Five death row inmates were exonerated in 2004, bringing to 117 the number of men released from death row since 1973 because of evidence of their innocence. In August, a Louisiana death row inmate, Ryan Matthews, convicted of murder in 1999, was cleared of all charges after new DNA evidence exonerated him. Matthews is the fourteenth and most recent death row inmate freed with the help of DNA evidence.
In October 2004, the Congress passed the Innocence Protection Act (IPA) as part of a larger anti-crime bill. The IPA seeks to prevent wrongful executions by raising the standards for adequate representation in death penalty cases, providing greater access to post-conviction DNA testing, and ensuring that those exonerated through DNA evidence in federal cases receive compensation.
In March 2004, the International Court of Justice (ICJ) ruled that the U.S. had violated the rights of fifty-four Mexican nationals on death row because they had not been informed of their right to talk to their consular officials after they were arrested, as required by the Vienna Convention on Consular Relations.

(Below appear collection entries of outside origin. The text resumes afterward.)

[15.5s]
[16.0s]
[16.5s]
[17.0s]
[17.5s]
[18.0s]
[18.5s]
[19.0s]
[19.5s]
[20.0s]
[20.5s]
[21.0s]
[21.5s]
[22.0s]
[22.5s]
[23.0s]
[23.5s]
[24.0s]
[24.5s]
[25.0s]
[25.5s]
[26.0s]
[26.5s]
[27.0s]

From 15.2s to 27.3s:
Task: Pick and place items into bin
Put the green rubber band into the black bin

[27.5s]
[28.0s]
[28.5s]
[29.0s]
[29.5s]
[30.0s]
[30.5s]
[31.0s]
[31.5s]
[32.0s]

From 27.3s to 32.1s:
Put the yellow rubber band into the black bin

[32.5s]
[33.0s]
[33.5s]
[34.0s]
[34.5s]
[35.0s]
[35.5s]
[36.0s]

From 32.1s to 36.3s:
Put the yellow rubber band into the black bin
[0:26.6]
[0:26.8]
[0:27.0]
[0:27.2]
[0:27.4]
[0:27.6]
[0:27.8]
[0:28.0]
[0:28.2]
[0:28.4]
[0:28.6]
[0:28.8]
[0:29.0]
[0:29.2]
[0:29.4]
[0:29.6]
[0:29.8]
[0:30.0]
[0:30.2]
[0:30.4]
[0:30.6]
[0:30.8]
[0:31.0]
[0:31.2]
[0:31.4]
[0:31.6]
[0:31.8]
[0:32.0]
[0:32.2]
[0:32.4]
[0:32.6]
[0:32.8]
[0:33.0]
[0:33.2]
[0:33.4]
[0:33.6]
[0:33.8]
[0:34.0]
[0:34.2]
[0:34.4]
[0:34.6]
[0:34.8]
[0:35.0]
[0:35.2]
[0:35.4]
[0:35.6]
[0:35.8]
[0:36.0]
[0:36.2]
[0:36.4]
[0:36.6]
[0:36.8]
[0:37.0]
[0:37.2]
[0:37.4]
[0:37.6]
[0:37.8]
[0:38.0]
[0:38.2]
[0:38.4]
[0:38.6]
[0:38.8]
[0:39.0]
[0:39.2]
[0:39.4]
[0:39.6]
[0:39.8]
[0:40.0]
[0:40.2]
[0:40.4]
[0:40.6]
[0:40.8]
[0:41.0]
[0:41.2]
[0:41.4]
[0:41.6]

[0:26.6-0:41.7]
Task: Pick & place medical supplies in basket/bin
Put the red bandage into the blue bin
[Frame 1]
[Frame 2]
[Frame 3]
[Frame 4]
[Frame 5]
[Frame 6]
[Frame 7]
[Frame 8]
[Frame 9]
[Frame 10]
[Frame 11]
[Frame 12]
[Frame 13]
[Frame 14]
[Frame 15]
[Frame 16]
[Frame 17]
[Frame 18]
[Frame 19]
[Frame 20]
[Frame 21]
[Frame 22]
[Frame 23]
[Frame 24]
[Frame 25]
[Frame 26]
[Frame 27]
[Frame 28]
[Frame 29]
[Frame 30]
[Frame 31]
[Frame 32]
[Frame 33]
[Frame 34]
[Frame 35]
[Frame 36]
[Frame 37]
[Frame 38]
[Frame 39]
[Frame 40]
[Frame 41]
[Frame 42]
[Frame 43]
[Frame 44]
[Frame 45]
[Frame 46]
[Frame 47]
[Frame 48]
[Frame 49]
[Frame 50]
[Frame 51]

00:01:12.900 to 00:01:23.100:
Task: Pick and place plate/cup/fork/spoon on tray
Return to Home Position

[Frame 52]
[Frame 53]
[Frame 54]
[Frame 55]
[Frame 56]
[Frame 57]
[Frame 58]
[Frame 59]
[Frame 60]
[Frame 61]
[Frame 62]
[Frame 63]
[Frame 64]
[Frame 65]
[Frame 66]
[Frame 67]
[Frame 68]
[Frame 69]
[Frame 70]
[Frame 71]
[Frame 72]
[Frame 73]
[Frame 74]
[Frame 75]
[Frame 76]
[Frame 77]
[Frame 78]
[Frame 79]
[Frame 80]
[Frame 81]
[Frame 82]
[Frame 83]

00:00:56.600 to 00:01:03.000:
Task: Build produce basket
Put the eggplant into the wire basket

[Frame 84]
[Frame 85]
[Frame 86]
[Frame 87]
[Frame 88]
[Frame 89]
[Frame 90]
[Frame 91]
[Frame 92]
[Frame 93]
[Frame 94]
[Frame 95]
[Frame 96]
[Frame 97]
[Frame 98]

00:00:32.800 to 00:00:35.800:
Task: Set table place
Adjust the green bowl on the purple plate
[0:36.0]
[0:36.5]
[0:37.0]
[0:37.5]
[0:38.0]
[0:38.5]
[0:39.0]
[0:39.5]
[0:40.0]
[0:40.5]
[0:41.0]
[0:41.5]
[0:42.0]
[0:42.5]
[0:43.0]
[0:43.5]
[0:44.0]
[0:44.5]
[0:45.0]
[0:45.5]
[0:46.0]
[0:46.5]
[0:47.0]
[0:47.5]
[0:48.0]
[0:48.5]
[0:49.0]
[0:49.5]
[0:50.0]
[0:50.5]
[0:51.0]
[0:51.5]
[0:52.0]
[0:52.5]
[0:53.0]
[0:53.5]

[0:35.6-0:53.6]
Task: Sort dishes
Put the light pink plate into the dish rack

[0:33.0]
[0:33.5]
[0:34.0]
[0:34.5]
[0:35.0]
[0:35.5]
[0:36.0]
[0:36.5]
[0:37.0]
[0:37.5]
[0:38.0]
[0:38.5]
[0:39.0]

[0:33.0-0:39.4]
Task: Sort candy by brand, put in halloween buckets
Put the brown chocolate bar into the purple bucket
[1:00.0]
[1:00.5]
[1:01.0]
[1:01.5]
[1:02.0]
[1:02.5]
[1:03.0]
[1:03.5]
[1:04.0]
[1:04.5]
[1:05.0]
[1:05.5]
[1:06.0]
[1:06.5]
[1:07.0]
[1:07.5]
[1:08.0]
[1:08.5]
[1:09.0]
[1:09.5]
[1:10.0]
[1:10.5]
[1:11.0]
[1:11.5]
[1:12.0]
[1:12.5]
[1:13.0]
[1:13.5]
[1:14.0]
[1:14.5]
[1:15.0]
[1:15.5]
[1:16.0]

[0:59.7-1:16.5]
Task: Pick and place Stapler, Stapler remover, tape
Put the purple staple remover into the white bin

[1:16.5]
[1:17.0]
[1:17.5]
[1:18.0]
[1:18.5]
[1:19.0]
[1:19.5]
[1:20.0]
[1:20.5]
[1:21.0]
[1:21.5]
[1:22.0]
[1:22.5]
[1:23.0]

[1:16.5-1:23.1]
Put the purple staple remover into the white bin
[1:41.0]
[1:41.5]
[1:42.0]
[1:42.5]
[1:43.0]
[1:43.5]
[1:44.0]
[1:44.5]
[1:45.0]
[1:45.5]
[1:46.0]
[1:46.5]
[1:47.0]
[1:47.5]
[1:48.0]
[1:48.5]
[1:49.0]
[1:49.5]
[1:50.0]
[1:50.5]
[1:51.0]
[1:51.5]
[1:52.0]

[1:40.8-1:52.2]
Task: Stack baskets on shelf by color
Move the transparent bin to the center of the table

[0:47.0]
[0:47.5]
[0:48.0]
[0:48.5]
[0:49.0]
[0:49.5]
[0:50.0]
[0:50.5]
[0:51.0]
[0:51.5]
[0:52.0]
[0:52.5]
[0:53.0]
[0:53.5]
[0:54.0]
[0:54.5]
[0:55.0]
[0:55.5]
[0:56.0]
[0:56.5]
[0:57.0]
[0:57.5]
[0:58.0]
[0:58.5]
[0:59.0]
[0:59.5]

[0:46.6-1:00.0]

The court rejected the U.S. argument that the clemency process offered an adequate remedy and insisted that the courts had to provide “effective” review of the convictions to determine whether the violations caused “actual prejudice” to any of the fifty-four men.. The ICJ ruling did not affect other foreign nationals on death row; Hung Thanh Le, a Vietnamese national, was executed in Oklahoma despite his denial of consular notification. More than 120 foreign nationals from twenty-nine countries remain on death row in the United States.